When they sing off the expected, composed note on purpose, that's ornamentation.

Ornamentation in pop music is a fascinating subject. They’re the same old ornaments they always were with blue notes added. We are in a period of extreme ornamentation. Fantasia’s recent performance on the Image Awards was an example of this. She is in the center of the style of ultra-ornamentation. Farinelli wouldn’t have let a good song go by unornamented, and neither does Fantasia.

Expression is found in ornamentation now, not through the cooler, more rhetorical styles we liked. Idol isn’t causing it—they’re just bringing it to our attention. Interestingly, the current crop don’t ornament as much as Kelly or Fantasia. Problems arise when they feel like they have to do it, but can’t. Everyone who tries to ornament doesn’t succeed.

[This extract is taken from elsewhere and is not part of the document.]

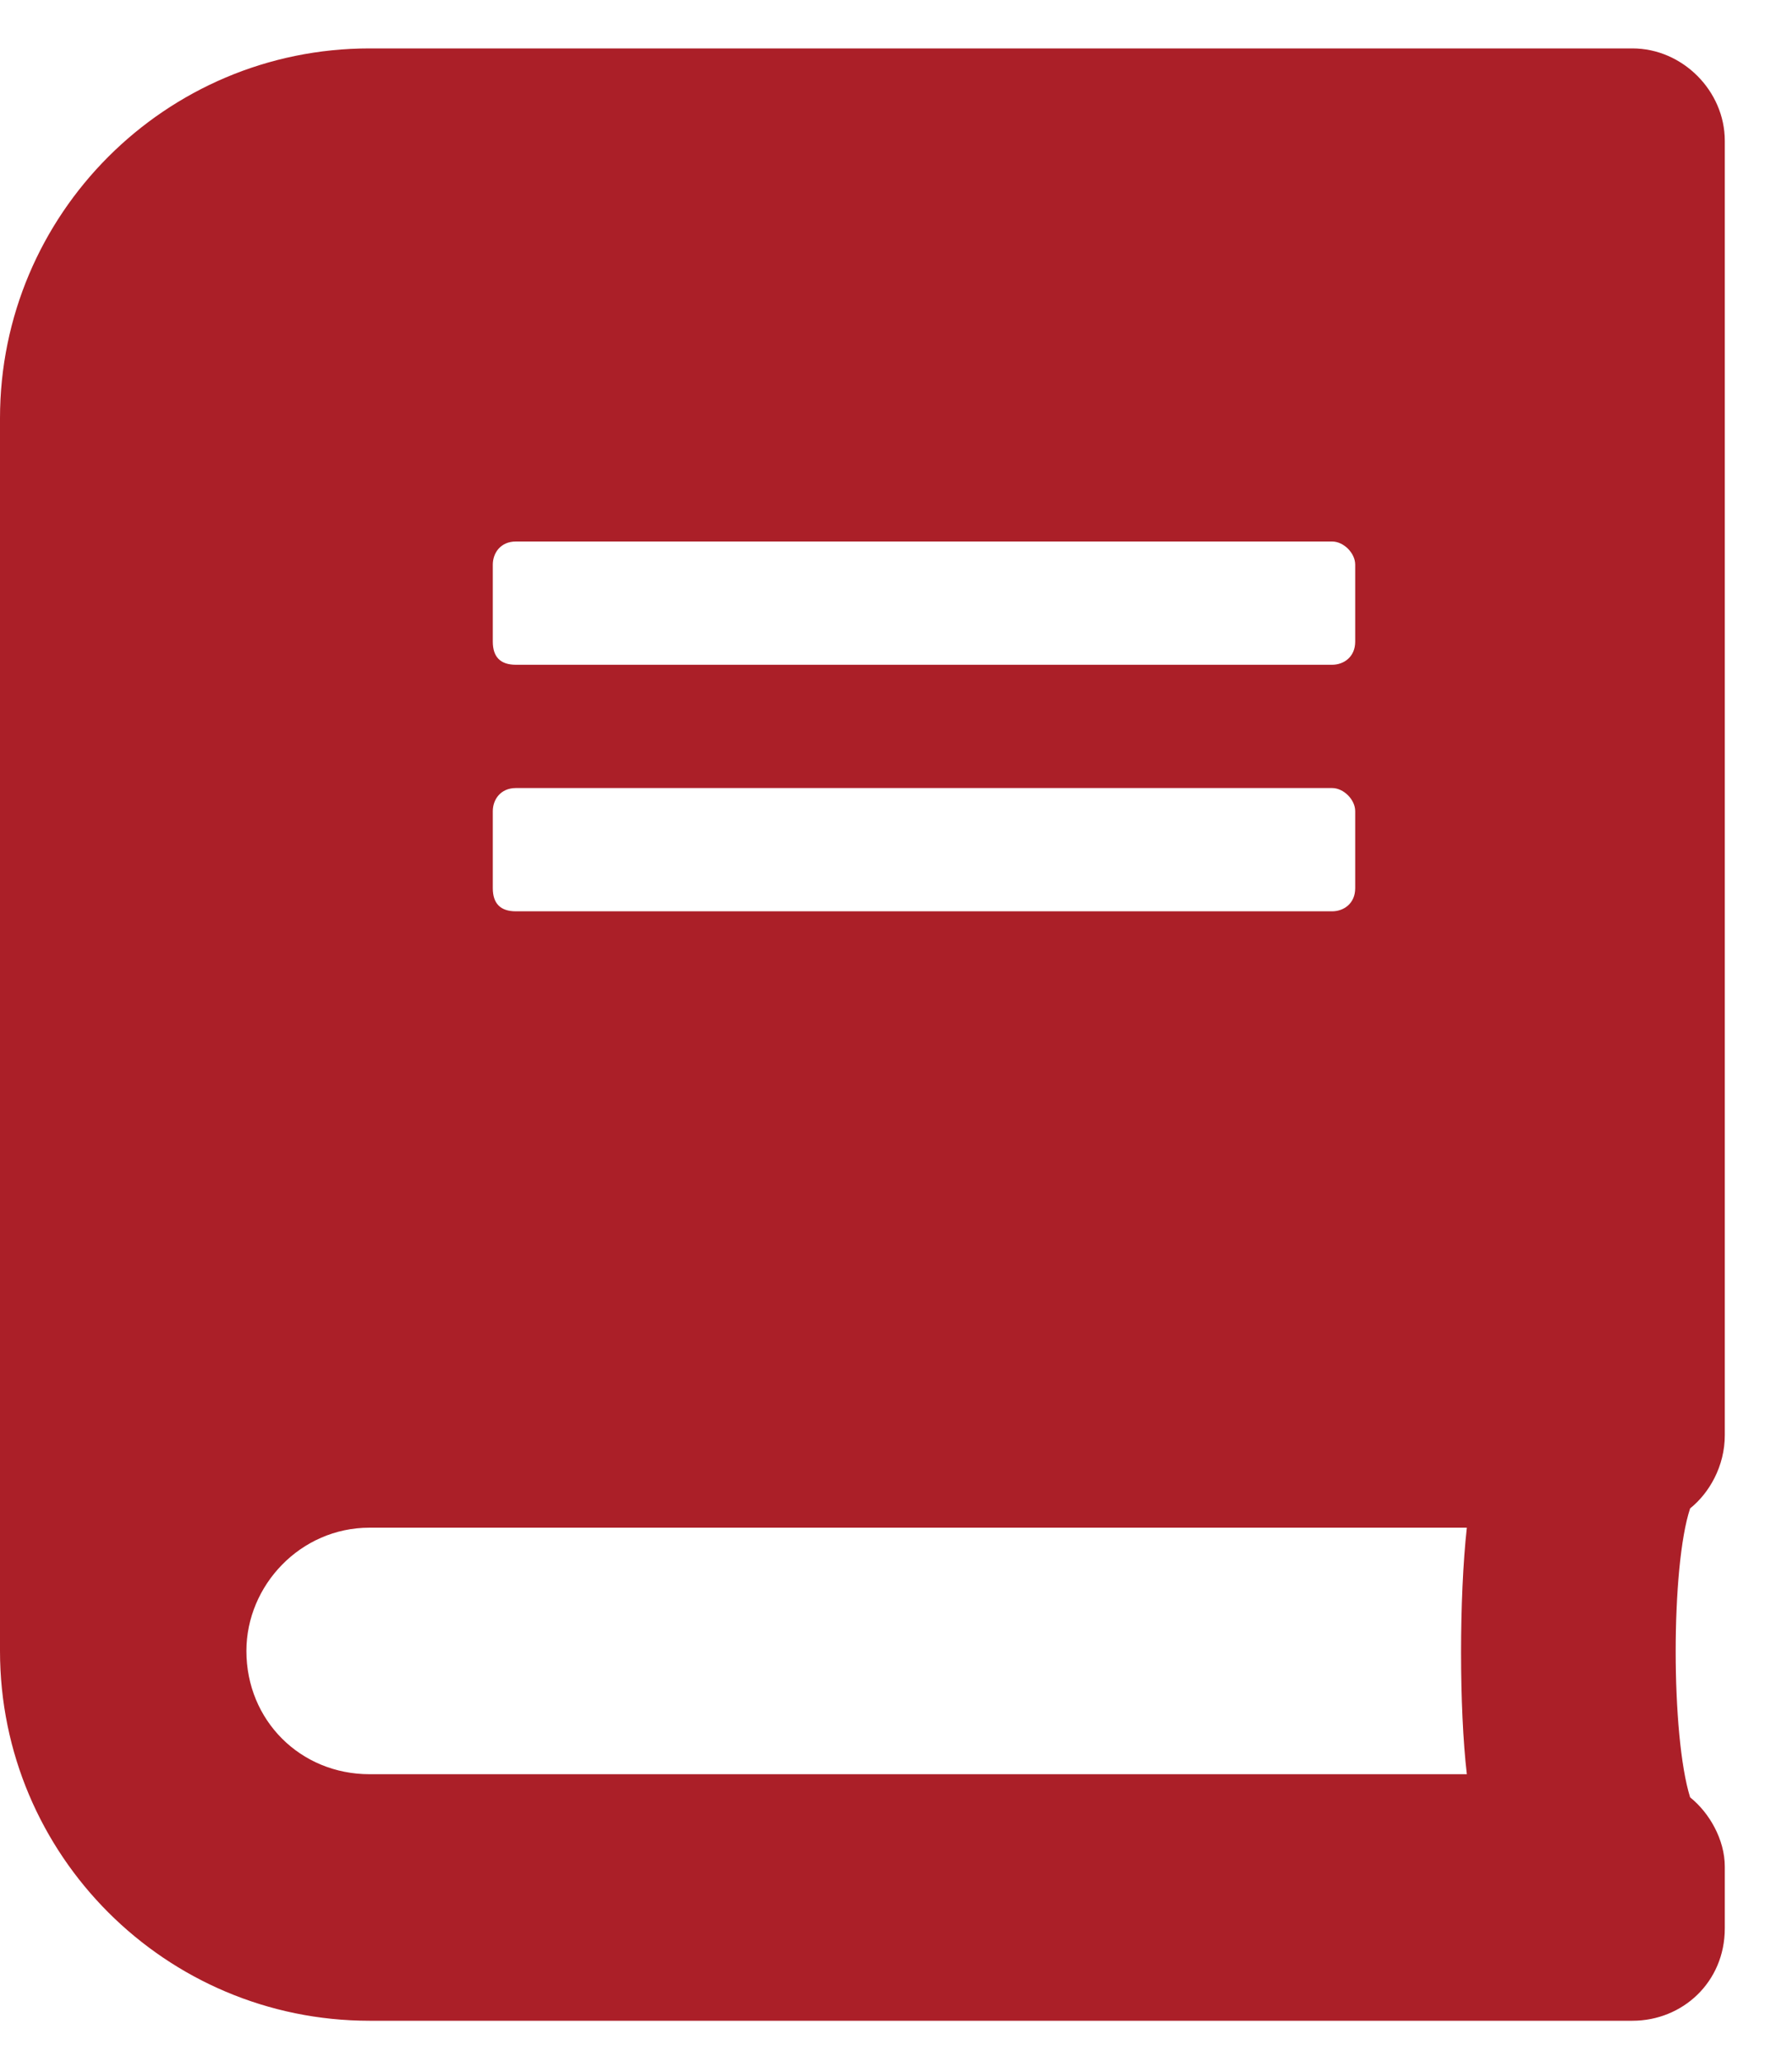 <svg width="20" height="23" viewBox="0 0 20 23" fill="none" xmlns="http://www.w3.org/2000/svg">
<path d="M19.25 16.009C19.25 16.352 19.078 16.653 18.863 16.825C18.648 17.47 18.648 19.36 18.863 20.048C19.078 20.22 19.25 20.52 19.25 20.821V21.509C19.25 22.11 18.777 22.54 18.219 22.54H4.125C1.848 22.54 0 20.692 0 18.415V4.665C0 2.388 1.848 0.54 4.125 0.54H18.219C18.777 0.54 19.25 1.013 19.25 1.571V16.009ZM5.5 6.298V7.157C5.5 7.329 5.586 7.415 5.758 7.415H14.867C14.996 7.415 15.125 7.329 15.125 7.157V6.298C15.125 6.169 14.996 6.04 14.867 6.04H5.758C5.586 6.04 5.5 6.169 5.5 6.298ZM5.5 9.048V9.907C5.5 10.079 5.586 10.165 5.758 10.165H14.867C14.996 10.165 15.125 10.079 15.125 9.907V9.048C15.125 8.919 14.996 8.79 14.867 8.79H5.758C5.586 8.79 5.5 8.919 5.5 9.048ZM16.371 19.79C16.285 19.06 16.285 17.814 16.371 17.04H4.125C3.352 17.04 2.75 17.685 2.75 18.415C2.75 19.189 3.352 19.79 4.125 19.79H16.371Z" fill="#AB1F28"/>
</svg>

There’s not a lot interesting going on in music today, and ornamenting is a way to pick up the slack, to counter the boredom of blandness. Try to enjoy it. The clock never runs backwards.

Monday, March 28, 2005

The end of life as we know it

The Sunday New York Times has a long article about how American Idol is ruining Broadway. There is a comparison between Ethel Merman (good) and Sarah Brightman (bad). Give me a break. American Idol does not in fact stand anywhere between Ethel Merman and Sarah Brightman. What does? Search deep down into your knowledge base.

MICROPHONES.

The difference between Broadway singers of today and yesterday is that today’s are miked. So are the singers on Idol, but they can hardly be blamed for this. Ethel was on her own. Her fame rested on the fact that no one in the back rows had any trouble hearing her entirely without a microphone. Opera is still not miked, praise god.

Sarah Brightman is one of the worst offenders. A substantial percentage of performers in shows wear body mikes that don’t show, like Bill Clinton giving a speech. Sarah Brightman uses the Madonna configuration with a mike right in front of her mouth. Like she can’t project her tone any further than that. I confess to not ever having had any interest in Sarah Brightman. Her voice is an annoying whine.

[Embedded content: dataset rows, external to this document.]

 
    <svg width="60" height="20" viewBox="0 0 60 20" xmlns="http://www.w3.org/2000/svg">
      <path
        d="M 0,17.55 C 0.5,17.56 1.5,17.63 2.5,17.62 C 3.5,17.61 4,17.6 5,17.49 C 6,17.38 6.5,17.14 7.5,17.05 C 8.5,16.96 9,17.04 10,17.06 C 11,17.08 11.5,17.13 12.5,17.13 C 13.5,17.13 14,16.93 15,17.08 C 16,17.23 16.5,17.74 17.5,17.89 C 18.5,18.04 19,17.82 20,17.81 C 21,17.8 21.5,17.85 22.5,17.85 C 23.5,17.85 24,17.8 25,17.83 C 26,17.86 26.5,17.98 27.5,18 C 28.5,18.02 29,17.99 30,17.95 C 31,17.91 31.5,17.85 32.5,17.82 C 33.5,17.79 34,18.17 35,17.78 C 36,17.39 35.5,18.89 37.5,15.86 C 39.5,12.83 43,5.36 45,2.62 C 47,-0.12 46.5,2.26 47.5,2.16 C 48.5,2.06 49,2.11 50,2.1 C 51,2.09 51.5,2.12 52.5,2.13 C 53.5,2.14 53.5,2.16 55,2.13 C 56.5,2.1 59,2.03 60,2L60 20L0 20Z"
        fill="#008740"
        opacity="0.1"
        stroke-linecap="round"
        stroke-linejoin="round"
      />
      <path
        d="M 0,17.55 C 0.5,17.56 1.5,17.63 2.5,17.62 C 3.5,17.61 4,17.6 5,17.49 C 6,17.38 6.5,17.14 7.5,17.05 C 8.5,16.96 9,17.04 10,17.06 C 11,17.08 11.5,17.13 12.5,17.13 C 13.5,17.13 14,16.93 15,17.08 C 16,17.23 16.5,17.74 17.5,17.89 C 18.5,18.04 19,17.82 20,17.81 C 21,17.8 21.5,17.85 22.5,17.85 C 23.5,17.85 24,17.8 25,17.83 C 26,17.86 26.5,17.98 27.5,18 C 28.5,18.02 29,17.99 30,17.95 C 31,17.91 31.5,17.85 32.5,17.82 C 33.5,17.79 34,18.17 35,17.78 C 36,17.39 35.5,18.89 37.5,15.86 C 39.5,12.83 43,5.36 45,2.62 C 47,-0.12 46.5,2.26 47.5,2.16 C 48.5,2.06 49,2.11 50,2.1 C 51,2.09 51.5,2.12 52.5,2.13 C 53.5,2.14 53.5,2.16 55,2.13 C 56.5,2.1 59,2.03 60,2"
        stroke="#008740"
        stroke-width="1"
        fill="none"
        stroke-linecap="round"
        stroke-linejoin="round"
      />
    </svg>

So I agree with the conclusion—yesterday was better than today, singers used to have a lot more character than they do now—but I disagree about the cause. Frenchie Davis is a lot closer to the singers of old than Brightman, in my opinion.

Idol is just a publicity machine.

Sunday, March 27, 2005

Money Voices

So what are the money voices?

Weight in the tone is always a nice start for any singer. A moderate amount of weight can be padded to sound like a lot. The Russian teachers are very good at this.

Money will follow high notes. Good high notes with some weight in the center is a home run.

Flexibility is good. If you have any hope of doing coloratura, work hard to improve it.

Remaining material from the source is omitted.